I’ll be honest. Defense was hard to pick. There were some good players, but not quite the quality of the forwards.

Even so, that should take no shine off players like Joe Micheletti and Rik Wilson or any of the other blue liners.

Unfortunately, Micheletti’s career was cut short. He only had six years in professional hockey and only three years were in the NHL. His first three years were with Calgary and Edmonton in the WHA before they were merged.

Still, Micheletti brought a more energetic style for the day. The Blues brought him in hoping for the 14 goals he had scored with Edmonton, but he struggled with the transition to the NHL. In his second season with the Blues, he fared better with four goals and 31 points.
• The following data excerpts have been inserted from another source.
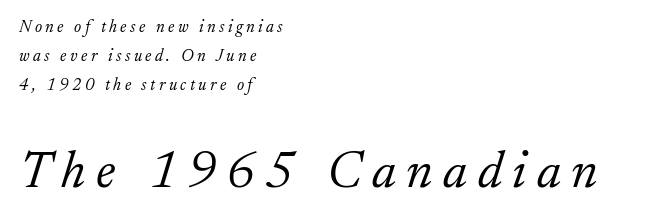
Q: Is the text bold? A: No.
Q: Is the text italic (slanted)? A: Yes, it leans right by about 17 degrees.
Q: Is the typeface a serif or a sans-serif typeface? A: Serif.
Q: Is the text underlined? A: No.
Q: How is the paragraph aligned? A: Left-aligned.
Q: Is the spacing between letters normal or unusually wide? A: Unusually wide.
Q: Which block of text is set in a larger size, the first (top) or the second (bottom)? A: The second (bottom) one.
Q: Width (condensed, normal, or wide)? A: Normal.
Q: Stroke contrast? A: Low.
Q: x-height? A: Small.
Q: Monospaced? A: No.

His defense shined better that season too. He was a plus-13 that season. It doesn’t hurt Micheletti’s case that he still remains one of the team’s best color commentators too.

Like Micheletti, Wilson was not an offensive dynamo, but he was consistent. In four full seasons, he averaged five goals with the Blues and 19 points. Not mouth watering stats, but very solid and something you could count on from a defensive player.

Gordie Roberts
Kevin Shattenkirk

When Gordie Roberts came into the league, he was a pretty big player. 6’1, 195 lbs doesn’t sound big, but it was for the 1970’s. Roberts was another player that flourished offensively in the WHA and didn’t get that offense to move to the NHL.

Still, he was a pretty good player for the Blues. Like Wilson, he was consistent, even if he did not put up big numbers.

His role on this particular team would be more defensive oriented anyway. Kevin Shattenkirk is your offense.

Shattenkirk’s offense was something the team came to count on. When healthy, and playing non-labor shortened seasons, he regularly scored double-digit goals and 40-plus points. Shattenkirk’s years in St. Louis remain the most productive of his career finishing with 58 goals and 258 points in parts of seven seasons.

Rick Zombo
Dwight Schofield

Rick Zombo is not a player you bring in for offense, but that’s why he fits so well on this third pairing. He was a bruiser that would pin you up in the corners.

Zombo could help with the offense with an assist here or there, but those were more from zone exits and then the forwards scoring on the rush. Nevertheless, his defense contributed to the team.

With the Blues, Zombo had really good defensive point share numbers. That basically means his team was able to generate offense based on him stopping the other team’s offense. Like Garth Butcher, Zombo was one that became somewhat of a favorite with Blues fans based on his effort more than actual ability.

As far as Dwight Schofield goes, I’ll be honest that I thought about putting Bret Hedican in this spot. Hedican was a better player overall, but upon reflection, we didn’t really get to see it with the Blues.

Schofield did a little more with less, so he gets the nod. Interestingly, they both had similar points with the Blues, but Schofield had 19 in two seasons and had five goals to go along with it. Hedican had one goal and 19 assists in parts of three seasons and then found his stride in Vancouver.

Schofield’s time in St. Louis was short, but still reasonably productive. He had career highs in goals, points and penalty minutes.